They just missed out on a 50% CGT discount

I was just flicking through some recent PBRs and noticed this one.

http://www.ato.gov.au/rba/content.asp?doc=/RBA/Content/91503.htm

The gist of it is, the sale contract date was exactly one year after the purchase date and therefore did not meet the 12 month exemption.

This was part of the PBR. I wonder how much the error cost them.

Both the day of acquisition and the day on which the CGT event happens must be excluded in reckoning the 12 month period. So, a period of 365 whole days (or in a leap year 366 whole days) must elapse between the day on which the CGT asset was acquired and the day on which the CGT event happens.

In your circumstances, you did not hold your interest in the property for a period of more than 12 months.

Therefore, you are not entitled to apply the 50% cent discount on your interest in the property on the capital gain made upon its disposal.

There is no provision within the legislation that gives the Commissioner discretion to alter the 12 month rule.
 
What if purchase settlement was in the morning and sale settlement in the afternoon 1 year later on the same date? Then technically you've held it for more than 12 months.

You'd have to be pretty desperate to actually choose not to wait the extra day anyway just to be safe.
 
What if purchase settlement was in the morning and sale settlement in the afternoon 1 year later on the same date? Then technically you've held it for more than 12 months.

You'd have to be pretty desperate to actually choose not to wait the extra day anyway just to be safe.

"Both the day of acquisition and the day on which the CGT event happens must be excluded in reckoning the 12 month period. So, a period of 365 whole days (or in a leap year 366 whole days) must elapse between the day on which the CGT asset was acquired and the day on which the CGT event happens"

So both the purchase date and disposal date are excluded!!!:eek:

What I don't understand is that the property was intended to be the PPOR (once built) and they were now renting elsewhere so why was it even in the 50% CGT category as it should have been under the exemption.

Cheers
 
It was a vacant block of land. They had intended to build but moved before they built. It was never their PPOR
 
This is another example of why it always pays to get advice before selling.

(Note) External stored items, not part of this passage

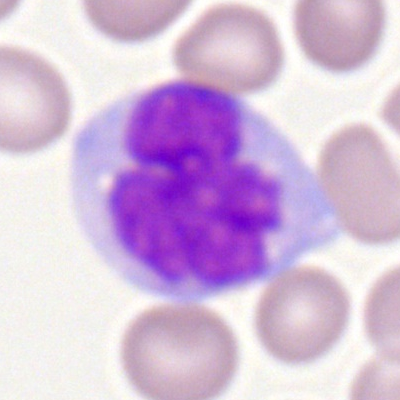
Impression → monocyte.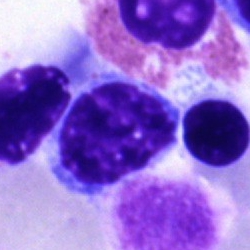

The cell is typical lymphocyte.
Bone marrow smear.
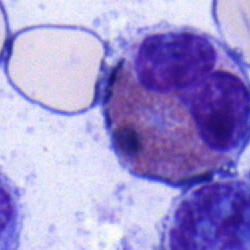Q: What cell is this?
A: It is an eosinophilic granulocyte.
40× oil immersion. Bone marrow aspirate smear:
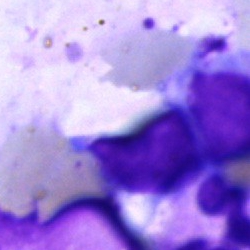

Classification: artefact.
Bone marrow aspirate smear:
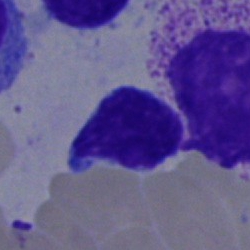

Specimen: bone marrow aspirate smear.
Cell: lymphocyte.
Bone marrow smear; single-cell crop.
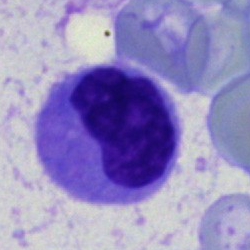
This is a monocyte.
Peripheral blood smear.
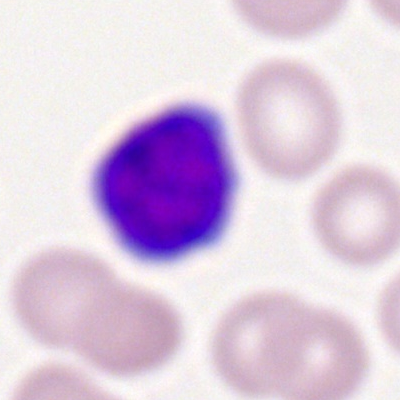

Typical lymphocyte.

We were selling an IP and wanted it to be in the 2007/08 financial year so we could partially offset the CGT by maximum salary sacrificing. The agent arranged a buyer in the second-last week of June, and wanted us to sign the contract and he would hold it and add the date later.

We were not prepared to take the risk. Buyer and agent had to wait until the 3rd July (a Monday) when we all signed the contract after carefully checking the dates.